Are we becoming desensitized to data breaches?

Published: 2009-02-08
Last Updated: 2009-02-08 21:50:46 UTC
by Mari Nichols (Version: 1)
1 comment(s)

Maybe it's just me, but are all of the mass media reports of data compromises causing us to become desensitized to the dangers of poor security practices or are they helping?  This question lately became significantly more valid to me personally. 

First, the breach of Heartland late last year was instrumental in allowing budget money to be released for security projects.  Should I be grateful that Heartland had a potentially larger breach than possibly TJX?  Timing is everything when working on a security project and the release of that breach notification helped mature in the InfoSec process for many organizations. 

Second, having spent the better part of last year diligently working on writing ISO standard policies and the resulting agonizing process of IT governance development, I have found these breach notifications to be extremely helpful to my cause.  As part of the ISO 27001 ISMS (Information System Management System) policy development, I included a listing of US state breach notification law.  (This also helps with remembering to update the policy quarterly.)  Any organizations who deal with credit card information from diverse geographic locations are required to understand the breach notification requirements of their customers locations, including internationally.

Last month, I received a well-worded letter from Wyndam Hotels informing me that my personal information had been compromised by a "very sophisticated hacker".  Well, that very carefully chosen wording did get a chuckle from me, but then reality hit me.  I am officially a victim of the war we fight every day.  I'm not privy to the details of the hack, (although I tried)  but it did feel entirely different being a victim. As a result, I spent quite a few hours protecting my personal data.  Thank goodness they notified me and offered the free credit reporting services before my information was actually stolen.  According to the law, they had no choice but to let me know. 

Mari Nichols  iMarSolutions

Keywords: breach ISO law
1 comment(s)


I don't think it's causing "us" to be desensitized. I think that notifications need to be beefed up.

For example, someone close to me recently received a notification letter from their bank that their card was going to be deactivated and replaced by a certain date.

I tried to help get more information (spent an hour on hold before giving up). The basic question that came to mind was:

Was this related to Heartland. If not, which merchant did it involve.

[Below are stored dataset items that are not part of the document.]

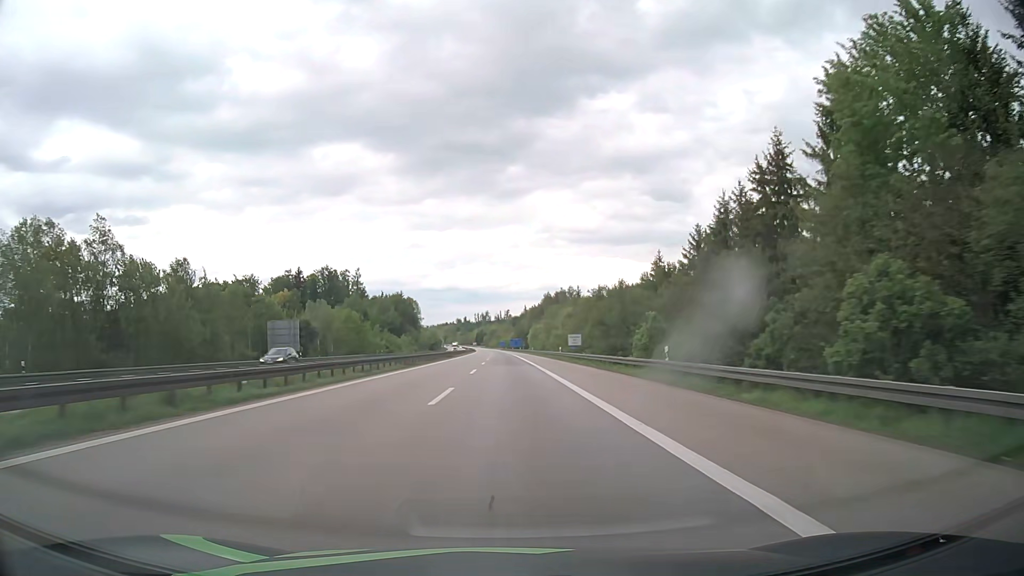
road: motorway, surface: asphalt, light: Day
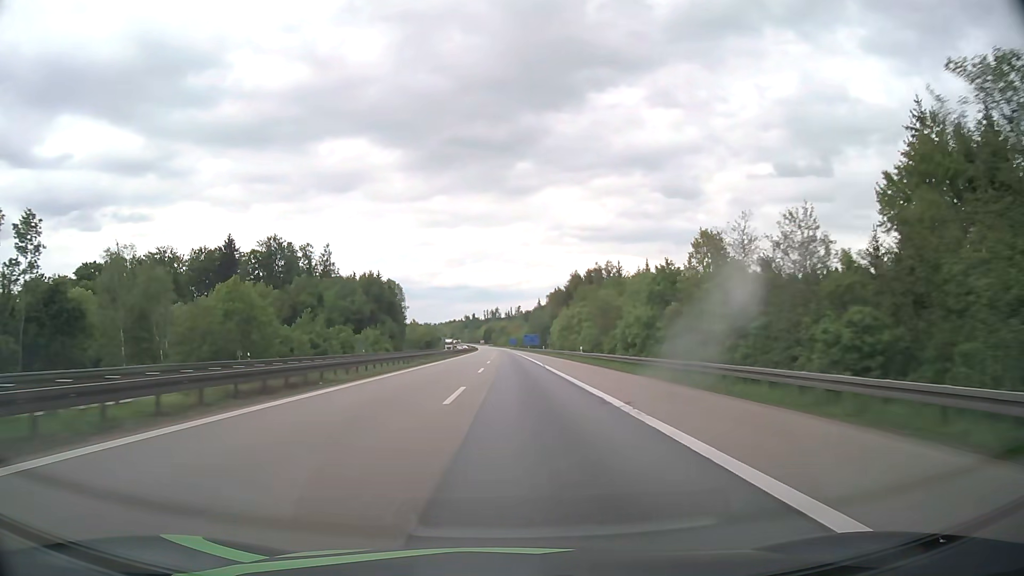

On the flip side (providing security in the context of PCI compliance), it's my belief (and experience in evaluating vendors) that compliance is simply given lip service by many. Some merchants and vendors simply don't understand the difference between compliance and valdiation ("I'm a level 3 and passed my vulnerability scans so I'm compliant!"). Others intentionally lie about their status.

One simple solution would be to put people on the hook for not providing accurate information regarding their compliance status.

Just a few thoughts.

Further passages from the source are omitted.